Adamski zamyślił się. Przypomniało mu się właśnie owo fatalne zdarzenie z Monią Fryzjerką a przed oczami pojawiła mu się sylwetka przyjaciela siedzącego na stołku, wgapionego w ścianę.
– Moi drodzy odezwał się Dżak po chwili. Prawdziwy poeta odczuwa świat synaptycznie. Nie po to regularnie chodzę do manikiurzystki, nie po to wydaję całe kieszonkowe na maseczki żiwenszi przeciwko zmarszczkom skórnym, nie po to dbam o pergaminową fakturę skóry by była ultradelikatna, żeby w takich sytuacjach jak ta nie zauważać świata.
– A co to znaczy synaptycznie? wtrąciła się nagle Lusia.
– Jeszcze nie wiem, ale to mądre słowo i bardzo mi się podoba. Poza tym, ja bardzo, ale to bardzo lubię mądre słowa.
– A ja też znam mądre słowa! radośnie powiedział Adamski.

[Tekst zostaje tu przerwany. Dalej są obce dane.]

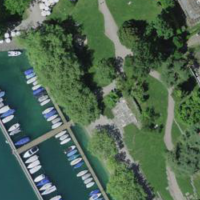
EUNIS habitat code: 53
Species observed at this site:
Podiceps cristatus
Acrocephalus arundinaceus
Enallagma cyathigerum
Fulica atra
Anas platyrhynchos
Fagus sylvatica
Pyrrhula pyrrhula
Aythya fuligula
Apis mellifera
Turdus merula
Phalacrocorax carbo
Cygnus olor
Mergus merganser
Ficus carica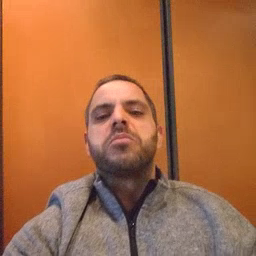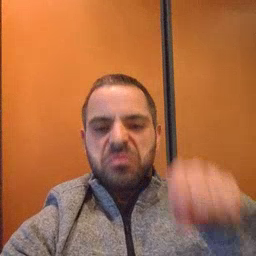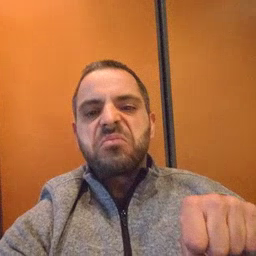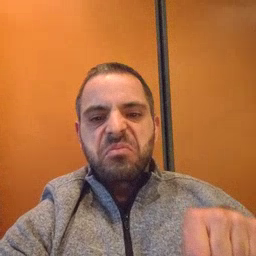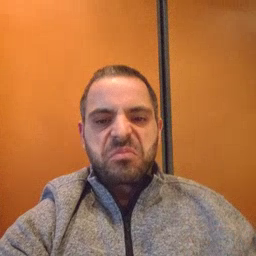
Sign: can

– To powiedz jakieś? poprosiła Lusia.
Adamski zastanowił się chwilę i odpowiedział:
– Egzystencjalizm.
Gruba Lusia całkowicie oniemiała z wrażenia. Teraz miała stuprocentową pewność, że oto los rzucił jej wyzwanie. Na swej drodze spotkała dwóch, niebywałych ludzi, prawdziwych geniuszy, wśród których jeden był poetą. Od zawsze marzyła by kogoś takiego spotkać. Jej marzenie ma źródło w teleranku, który z pasją jako dziecko oglądała w każdą sobotę. Najbardziej lubiła program 5-10-15, a szczególnie, gdy pojawiała się w nim Lampa Elektronowa. Tyle wówczas nauczyła się mądrych rzeczy. Zresztą nigdy już później tyle wiedzy nie zaabsorbowała, co właśnie w trakcie sobotnich wyścigów o tytuł Megamózga, którym się z wypiekami na twarzy przyglądała. Właśnie od tej pory zrodził się w niej irracjonalny pęd ku wiedzy, ale także podświadoma potrzeba brania udziału we wszelkich konkursach poetyckich.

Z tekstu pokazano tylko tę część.